The Federal Reserve has imposed strict oversight and compliance measures on Customers Bancorp, Inc., and its subsidiary, Customers Bank.

The action follows a recent examination by the Federal Reserve Bank of Philadelphia, which uncovered significant deficiencies in the bank’s risk management and compliance practices, particularly in relation to anti-money laundering laws and the Bank Secrecy Act.

“Customers was one of the biggest pro crypto banks out there. Fed and FDIC are systematically dismantling all crypto-friendly banks one after the next,” posted author Nic Carter on X, expressing concern over the news.

The Federal Reserve believes that the bank’s board of directors should enhance their oversight and resources to manage these high-risk activities. A key focus of the scrutiny is on the bank’s digital asset strategy and instant payments platform. 

This announcement has sparked outrage in the crypto community, with accusations against the Federal Reserve and FDIC for gradually suffocating crypto businesses. 

Agreement between the Fed and Customers Bancorp

Per the written agreement, Customers Bancorp and Customers Bank are to submit detailed plans within 60 days to address these deficiencies. 

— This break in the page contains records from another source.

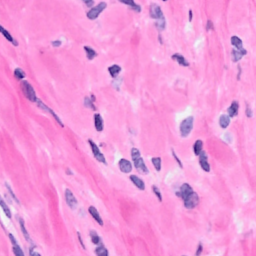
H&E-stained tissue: Breast
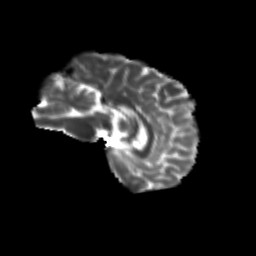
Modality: T2w
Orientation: sagittal
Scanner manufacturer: siemens
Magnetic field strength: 3 T
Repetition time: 9.2 s
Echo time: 0.084 s
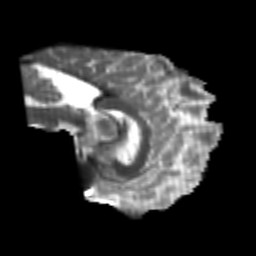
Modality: T2w
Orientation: sagittal
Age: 22
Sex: male
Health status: healthy
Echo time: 0.074 s
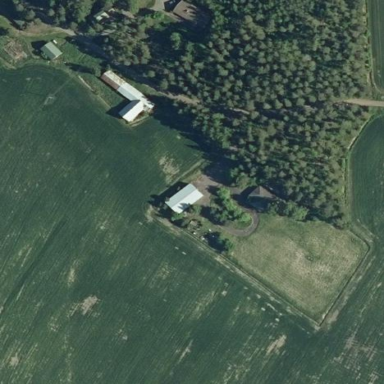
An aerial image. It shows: Farmyard area.
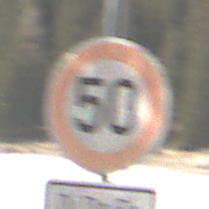
Verkehrszeichen: Geschwindigkeit50
Zusatzzeichen unten: ZeitangabenMitBeschraenkungAufWochentage3
Umgebung: Outdoor, Nature
Tageszeit: Midday
Wetter: PartlyCloudy
Licht: Natural
Jahreszeit: NotSpecified
Kontrast: HighContrast
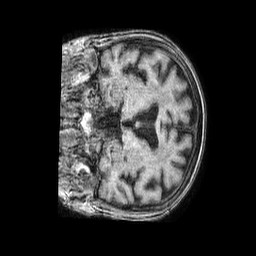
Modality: T1w
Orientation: coronal
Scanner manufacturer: philips
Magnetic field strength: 1.5 T
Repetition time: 0.007499 s
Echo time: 0.003411 s
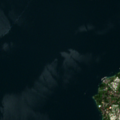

These plans must outline steps to strengthen board oversight, improve risk management, and enhance compliance with requirements and the Office of Foreign Assets Control regulations. 

Additionally, the bank must revise its customer due diligence and suspicious activity monitoring programs. The agreement also stipulates regular progress reports to ensure adherence to the new compliance measures. 

Customers Bancorp and Customers Bank both agreed to these terms as part of their commitment to improving their compliance posture and regulatory confidence.